The key to making sure everything is smooth during the winter: maintenance, maintenance and maintenance! We have to invest constantly in making sure the cabins are prepped for the brutal winters. It’s costly but we can sleep at night knowing our guests are sleeping in a warm cabin and can cook without issue.
Now for bad guests… we’ve dealt with guests who did not want to leave on time, did not want to check in on time, left a bunch of trash and denied it, left broken glasses and denied it, etc. We’ve learned that it’s important to take pictures, have proof, and communicate with guests immediately to let them know that they’re not abiding by the house rules they’ve agreed to. We aren’t standing outside demanding anybody to leave, but we are insistent that you must go because you were supposed to check out an hour ago and our cleaning team really needs to be in there by now. If only a “Thank you so much for staying, but please leave now and take your trash with you, thanks!” could be said without it coming off as rude.

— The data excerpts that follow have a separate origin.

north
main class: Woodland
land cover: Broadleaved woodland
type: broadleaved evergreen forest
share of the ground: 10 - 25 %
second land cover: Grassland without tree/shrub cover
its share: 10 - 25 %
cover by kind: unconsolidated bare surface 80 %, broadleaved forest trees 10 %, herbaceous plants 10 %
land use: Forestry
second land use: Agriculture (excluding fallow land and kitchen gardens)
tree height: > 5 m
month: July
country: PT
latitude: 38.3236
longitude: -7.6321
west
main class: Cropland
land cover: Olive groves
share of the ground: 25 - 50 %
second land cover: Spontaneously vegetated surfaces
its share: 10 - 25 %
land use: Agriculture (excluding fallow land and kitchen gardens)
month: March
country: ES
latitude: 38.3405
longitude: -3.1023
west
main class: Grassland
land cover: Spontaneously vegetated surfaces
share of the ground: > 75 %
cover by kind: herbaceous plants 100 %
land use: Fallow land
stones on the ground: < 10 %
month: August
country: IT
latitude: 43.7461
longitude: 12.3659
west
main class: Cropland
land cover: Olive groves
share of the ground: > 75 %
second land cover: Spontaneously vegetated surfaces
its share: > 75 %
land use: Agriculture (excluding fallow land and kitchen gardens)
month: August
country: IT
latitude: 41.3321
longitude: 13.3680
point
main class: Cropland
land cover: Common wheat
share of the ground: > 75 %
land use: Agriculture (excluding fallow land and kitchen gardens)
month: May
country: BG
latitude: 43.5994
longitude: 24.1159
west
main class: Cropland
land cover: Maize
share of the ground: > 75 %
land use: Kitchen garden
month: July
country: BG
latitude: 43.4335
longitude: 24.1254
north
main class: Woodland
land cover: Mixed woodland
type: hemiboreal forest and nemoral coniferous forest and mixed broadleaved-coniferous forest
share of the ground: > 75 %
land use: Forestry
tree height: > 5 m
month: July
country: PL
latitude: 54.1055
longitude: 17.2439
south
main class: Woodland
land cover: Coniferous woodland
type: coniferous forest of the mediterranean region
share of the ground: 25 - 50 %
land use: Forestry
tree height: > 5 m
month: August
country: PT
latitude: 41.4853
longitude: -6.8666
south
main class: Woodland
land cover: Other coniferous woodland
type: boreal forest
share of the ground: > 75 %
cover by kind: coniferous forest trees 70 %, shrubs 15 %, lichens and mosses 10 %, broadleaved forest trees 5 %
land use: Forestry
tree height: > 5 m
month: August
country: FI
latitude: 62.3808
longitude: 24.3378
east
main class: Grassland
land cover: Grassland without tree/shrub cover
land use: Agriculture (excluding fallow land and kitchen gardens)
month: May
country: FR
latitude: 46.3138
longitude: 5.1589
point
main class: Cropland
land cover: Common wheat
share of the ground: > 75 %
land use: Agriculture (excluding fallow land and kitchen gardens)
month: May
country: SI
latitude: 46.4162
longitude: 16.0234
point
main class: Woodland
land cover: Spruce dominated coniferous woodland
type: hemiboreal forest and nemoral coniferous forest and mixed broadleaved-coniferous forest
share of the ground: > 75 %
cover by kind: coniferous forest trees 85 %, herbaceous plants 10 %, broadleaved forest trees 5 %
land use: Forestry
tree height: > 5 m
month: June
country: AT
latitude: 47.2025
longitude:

5. It is emotionally taxing to provide customer service 24/7.
In order for us to be successful on Airbnb and with our business as a whole, we need to be engaged with our guests 24/7 and bring our hospitality A-game every time. We’ve woken up at 2 am or 4 am just to see someone has messaged us an hour or two prior to asking us a question, and we 100% will reply to them ASAP. It’s normal for Airbnb hosts to set their hours to communicating with guests from 8 am to 5 pm or might not reply at all, but to us, it doesn’t seem right to not reply as soon as possible.
“Every single good and bad review is a chance for us to better our property.”
Every single good and bad review is a chance for us to better our property; our service to guests always provides us a learning lesson. Not only do we want to make sure we provide our guests with a great experience, we have to meet strict quotas to maintain our good status on the Airbnb platform. No matter how above and beyond you may go for a guest, it, unfortunately, can go unnoticed and unrecognized. It is always discouraging, but to keep our business afloat, we’ll still keep giving it our everything to each and every guest.
Darlene Kim is a writer and entrepreneur based in California.